Communion Of Dreams


“The hardest job you’ll ever have.”
April 3, 2007, 5:45 am
Filed under: Alzheimer's, Depression, General Musings, Health, Sleep, Writing stuff

That’s what the doctor said yesterday.

We took my mother-in-law in for a check-up – first time she’s seen the doctor in almost a year.  Oh, he’s been involved in her care all along, and will usually just prescribemeds or treatment without seeing her, based on our phone calls and stopping by his office, explaining what is going on, what we think she needs.  That may seem unusual, but the truth is that it is easier and safer to do this – means that we don’t have to get her up and off to his office when she is fighting the flu or has been hurt.  My medical skills are very good, and generally we can cope with anything here at home so long as we get the support from him.

Anyway, it was time for him to actually see her, and since she was doing OK presently, we got her off to his office.  Thorough examination, discussion of her condition, confirmation of what we had suspected: that she had a minor stroke three weeks ago which had led to more little complications to our lives, less comfort for her.

And he asked us how we were doing, as he usually does.  Whether we were getting a break now and again, et cetera.  He, perhaps of all people, understands what care-giving at this level demands.  He confirmed that we’re providing about the best care possible, based on what he can see, and make the comment at the head of this post.  We came home.

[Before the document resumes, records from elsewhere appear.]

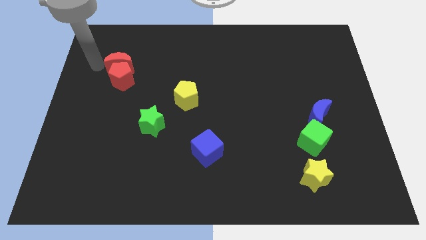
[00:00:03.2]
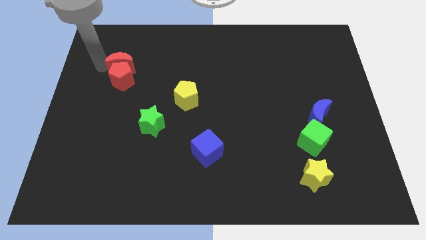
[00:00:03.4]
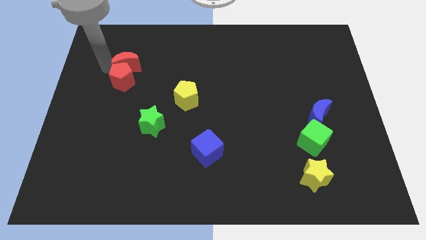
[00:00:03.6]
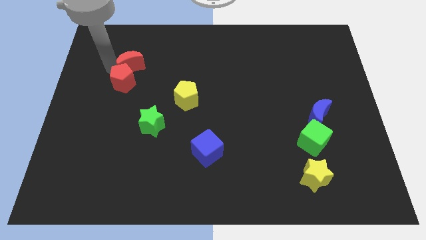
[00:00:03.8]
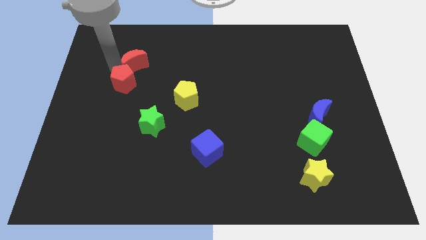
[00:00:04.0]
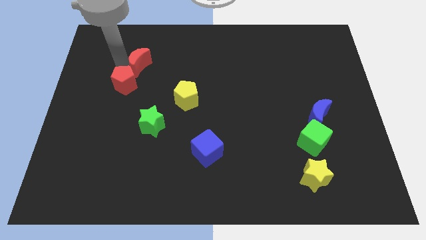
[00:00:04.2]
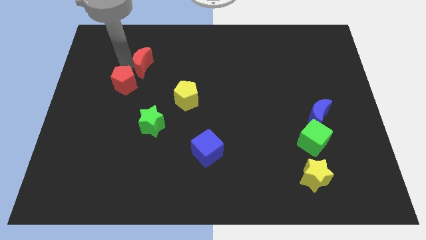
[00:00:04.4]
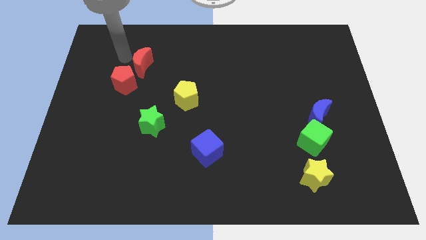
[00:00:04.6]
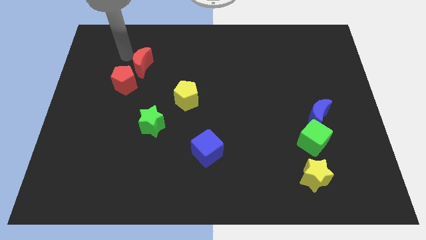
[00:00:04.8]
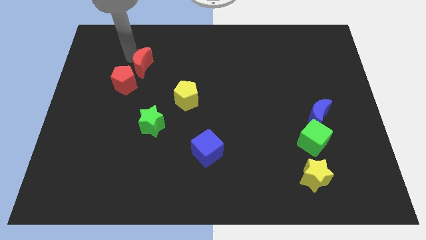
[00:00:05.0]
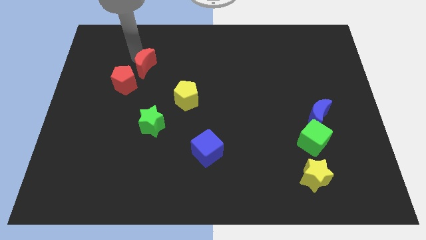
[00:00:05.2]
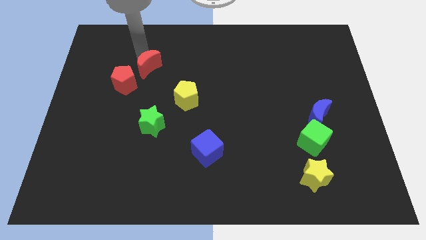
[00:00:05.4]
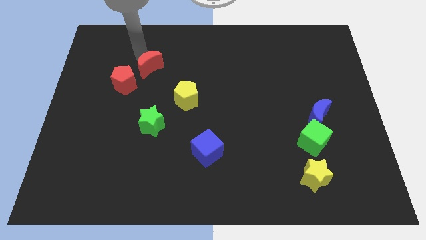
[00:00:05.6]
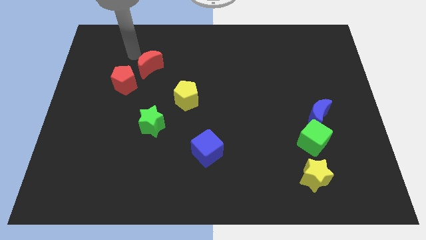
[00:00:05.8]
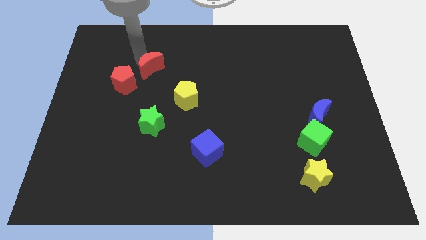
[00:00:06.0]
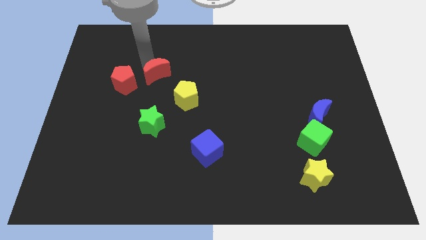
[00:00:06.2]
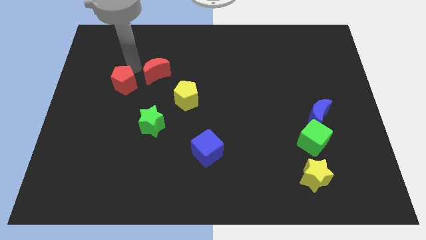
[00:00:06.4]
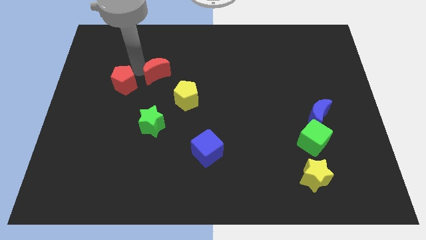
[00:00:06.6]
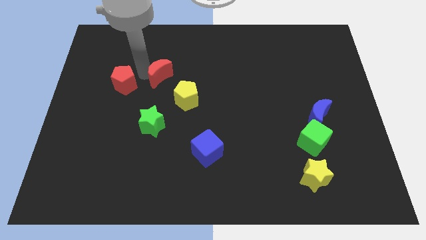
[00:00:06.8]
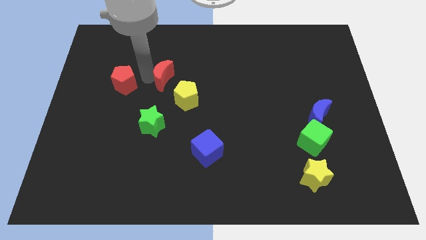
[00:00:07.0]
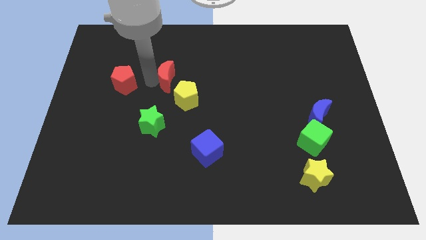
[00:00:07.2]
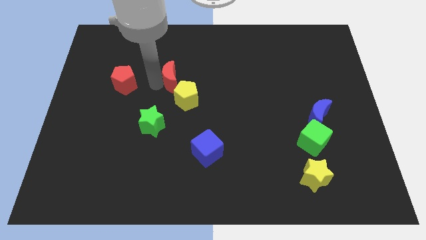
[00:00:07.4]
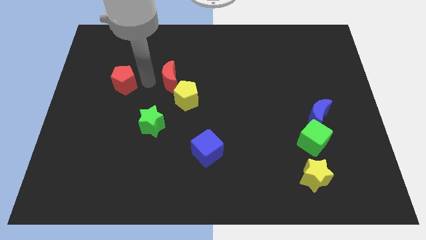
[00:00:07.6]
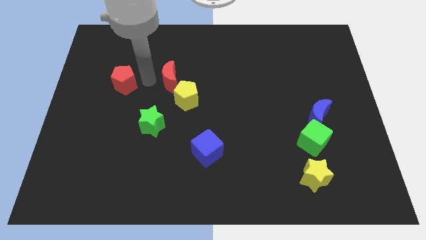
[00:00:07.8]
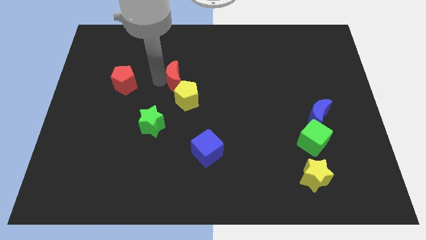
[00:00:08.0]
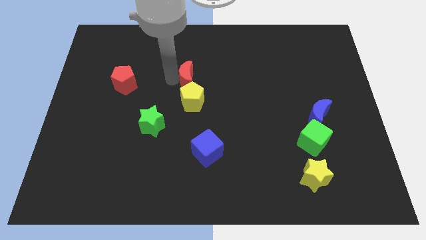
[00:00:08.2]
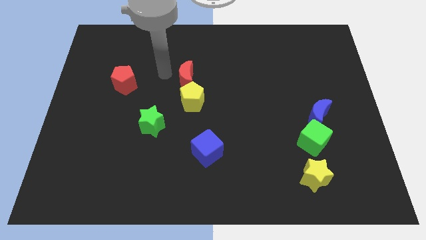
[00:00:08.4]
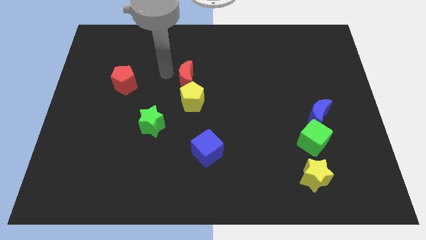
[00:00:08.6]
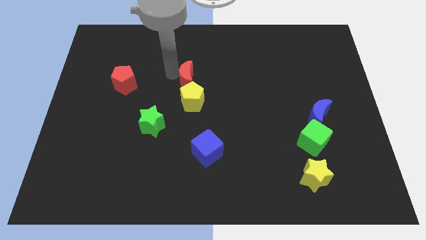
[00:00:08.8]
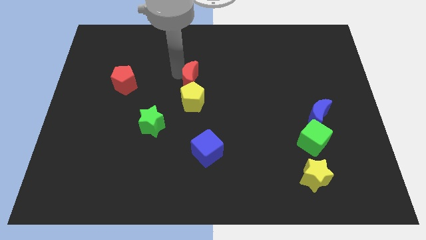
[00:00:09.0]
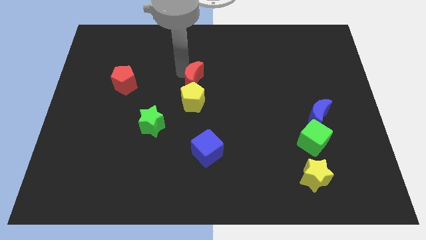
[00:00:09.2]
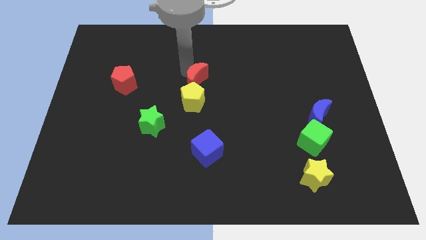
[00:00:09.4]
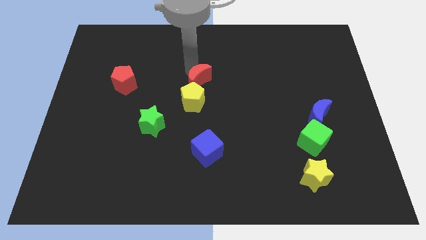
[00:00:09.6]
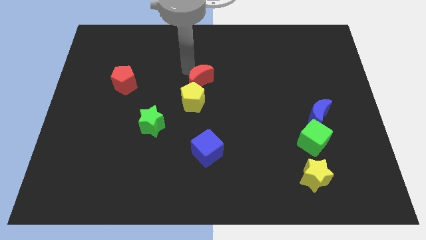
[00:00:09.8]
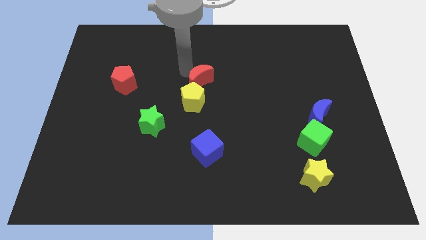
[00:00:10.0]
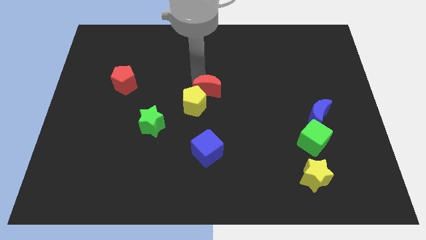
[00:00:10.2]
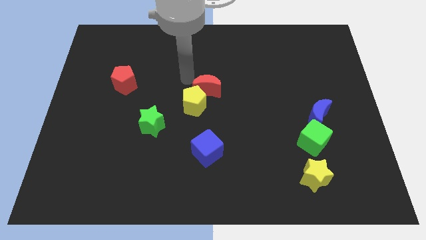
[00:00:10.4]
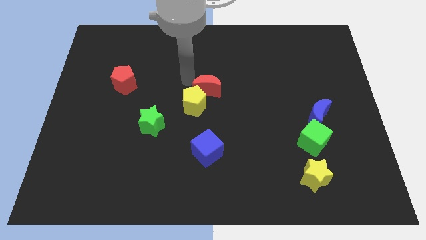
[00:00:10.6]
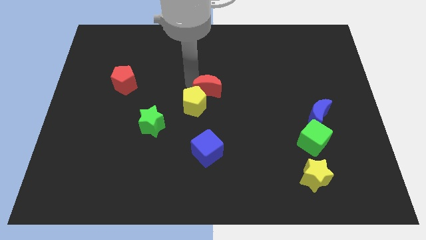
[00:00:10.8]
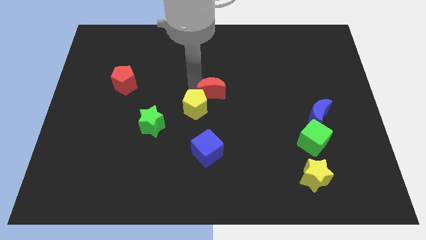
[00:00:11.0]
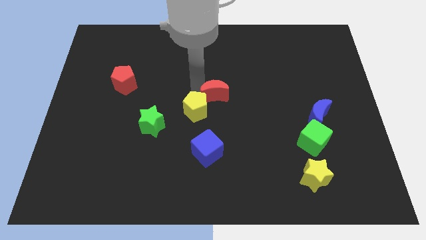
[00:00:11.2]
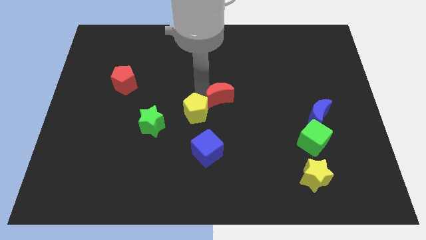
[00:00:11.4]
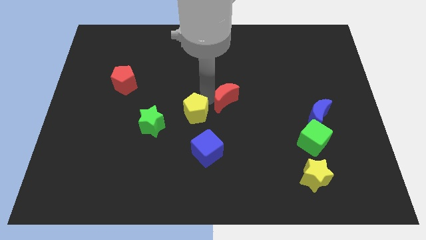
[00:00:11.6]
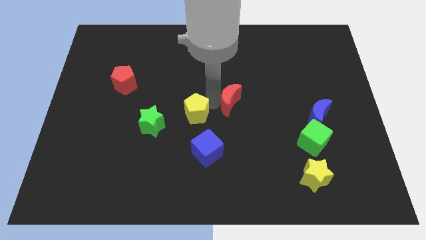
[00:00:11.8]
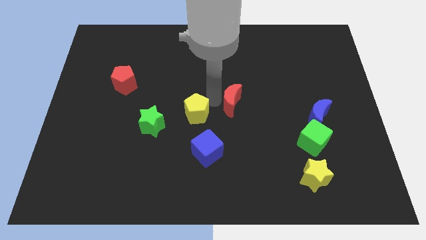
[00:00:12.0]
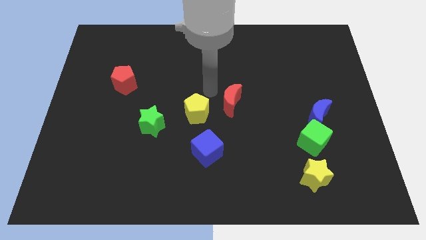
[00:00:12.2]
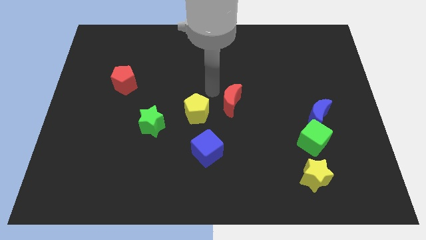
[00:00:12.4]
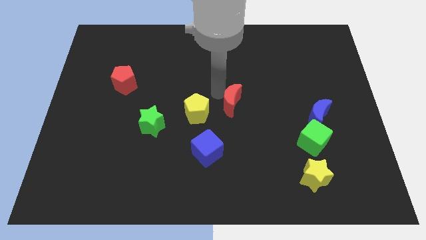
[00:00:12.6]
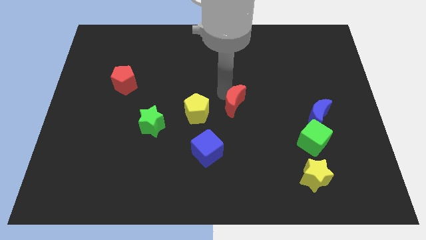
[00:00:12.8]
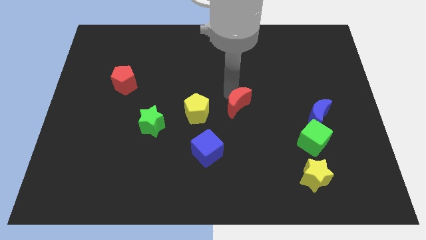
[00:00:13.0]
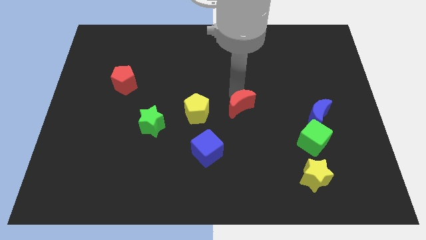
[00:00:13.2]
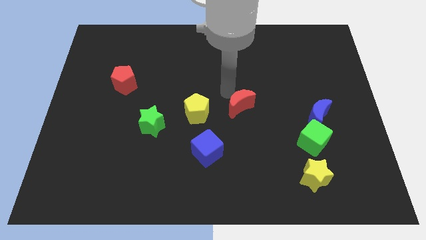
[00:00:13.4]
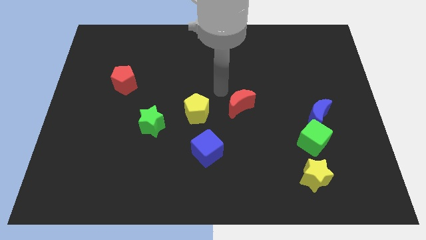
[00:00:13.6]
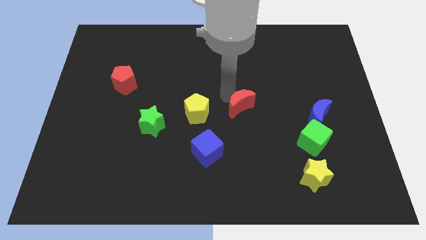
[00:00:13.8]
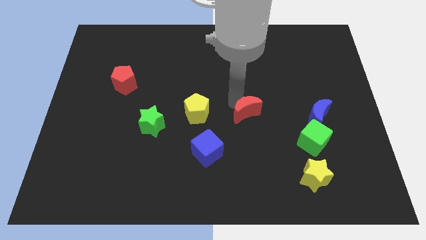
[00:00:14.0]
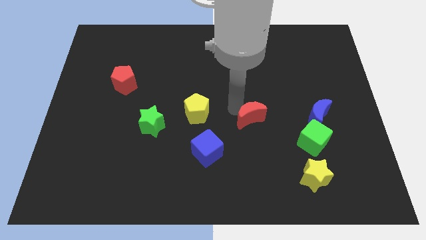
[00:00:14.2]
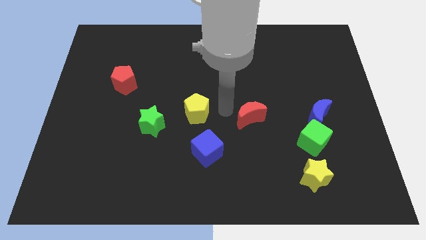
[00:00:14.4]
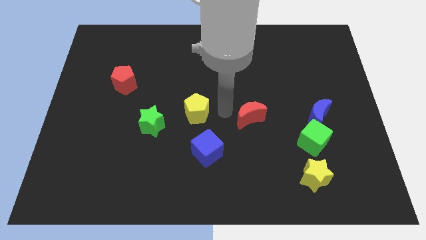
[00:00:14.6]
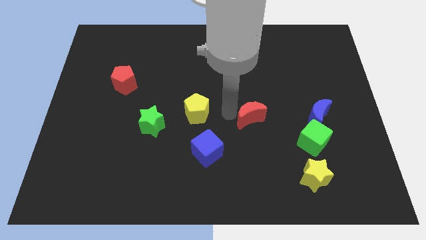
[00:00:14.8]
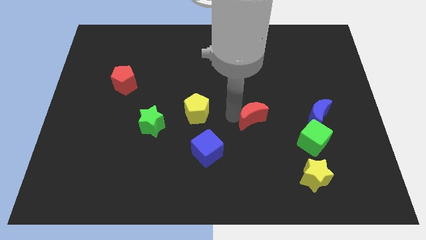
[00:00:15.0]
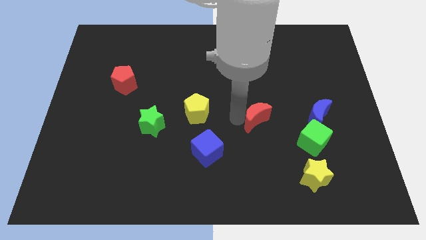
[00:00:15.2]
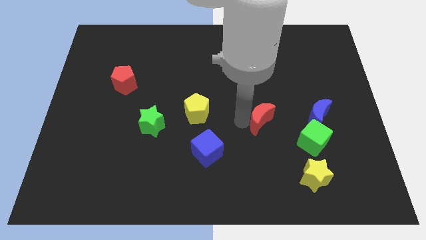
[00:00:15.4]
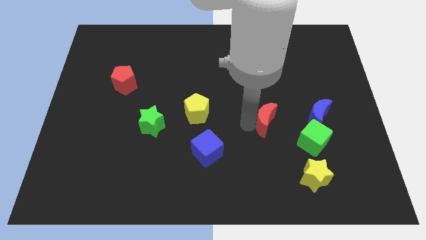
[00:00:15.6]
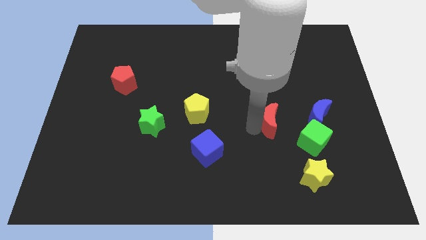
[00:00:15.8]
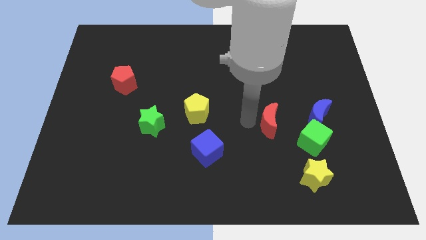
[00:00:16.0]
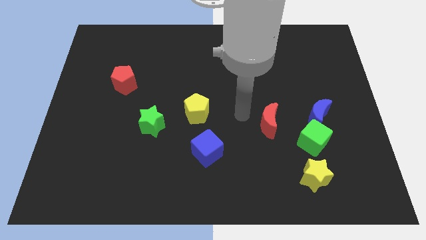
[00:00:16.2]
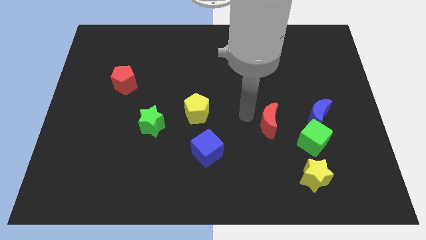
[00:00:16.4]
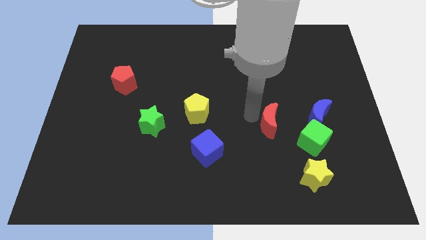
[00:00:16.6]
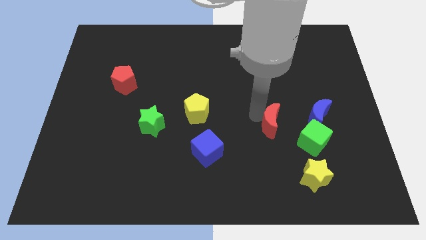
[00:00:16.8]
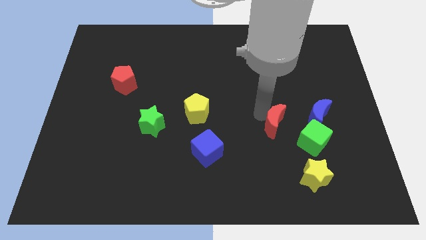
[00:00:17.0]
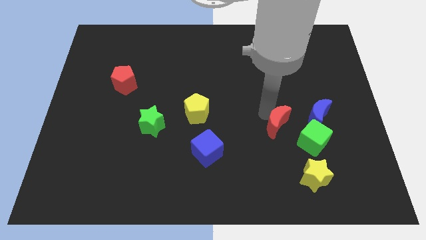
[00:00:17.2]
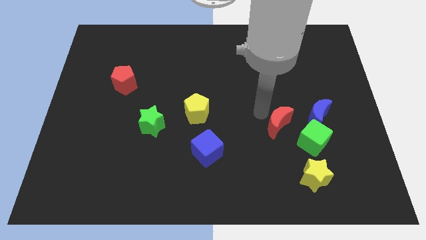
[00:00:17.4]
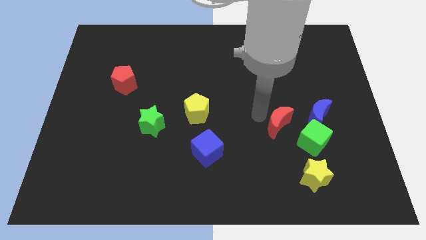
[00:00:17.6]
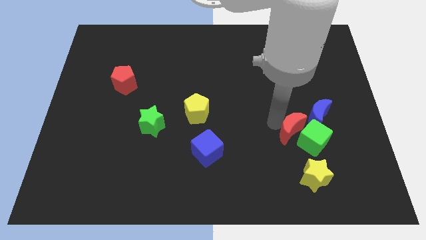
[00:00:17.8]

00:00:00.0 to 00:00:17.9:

And since then, we’ve been dealing with the ‘fallout’ of that visit.  People who are living with many forms of dementia, and particularly with Alzheimer’s-type dementia, are disrupted by any changes in their routine.  We’re lucky in that my mother-in-law usually stays pleasant during such changes (visits from people, going out to someplace strange) – many Alzheimer’s patients get very angry or combative during such occasions.  But we always experience more problems in the 24 to 48 hours following.  Last evening she was argumentative and hostile, and overnight she slept very poorly – changing position in her bed about every half hour after about midnight.  And as a result, since I was ‘on-call’ and listening to the monitor to make sure she didn’t need help, I basically didn’t sleep during that whole time.

So this morning I’m exhausted, suffering a very nasty headache.  And wondering just how the rest of the day is going to go wrong.

Jim Downey



As John Lennon said…
March 23, 2007, 11:39 am
Filed under: Alzheimer's, Depression, General Musings, Health, Sleep, Writing stuff

I once had a boss who was one of those self-made millionaires, a real classic ‘alpha’ from circa 1965, complete with the mindset and abuse of employees, even though it was some twenty years later. Once, when something I did was screwed up, I went in to talk with him about it. All in a huff he told me “I don’t want excuses.” I looked him in the eye and said “I’m not here to give an excuse. I’m here to give an explanation, so we know what went wrong and can avoid having it happen again.”

Eventually, I got him trained, and when it came time for me to move on we parted on good terms.

Nothing is screwed up, and I haven’t made any big mistakes that I’m here to explain. However, I have commented several times about how tired I am, and how being a full-time (read “around the clock”) care-provider for someone with Alzheimer’s means that I don’t ever get enough sleep. Basically, either my wife or I are always listening to a baby monitor at night, at most dozing lightly. We take turns doing this. The problem is, that even when you’re not ‘on-call’ it is tough to sleep really soundly when your bedmate is dozing lightly. And while I am willing to make many sacrifices to care for my mother-in-law, giving up sleeping with my wife altogether isn’t one of them.

Most parents know what this will do to you, since caring for an infant means this sort of interruption to your sleep cycle for weeks on end. But for us, this has been going on for about three years – it’s been a full year since we had much of a real vacation from it. It means that I operate at a chronic sleep deficit. I feel like I am perpetually at about the third entry in this blog-post about sleep deprivation, with a chronic low-grade headache, lack of focus, shortened temper, forgetfulness, et cetera.

Anyway, there’s an explanation for the next time I say that “I’m so tired,” echoing Lennon’s song of the same title written after three weeks of interrupted sleep cycle when off to Transcendental Meditation camp. When I say I don’t have the energy to do this or that, or that it is difficult to get my focus for accomplishing something, this is what I mean, not that I just didn’t get a good night’s sleep the night before.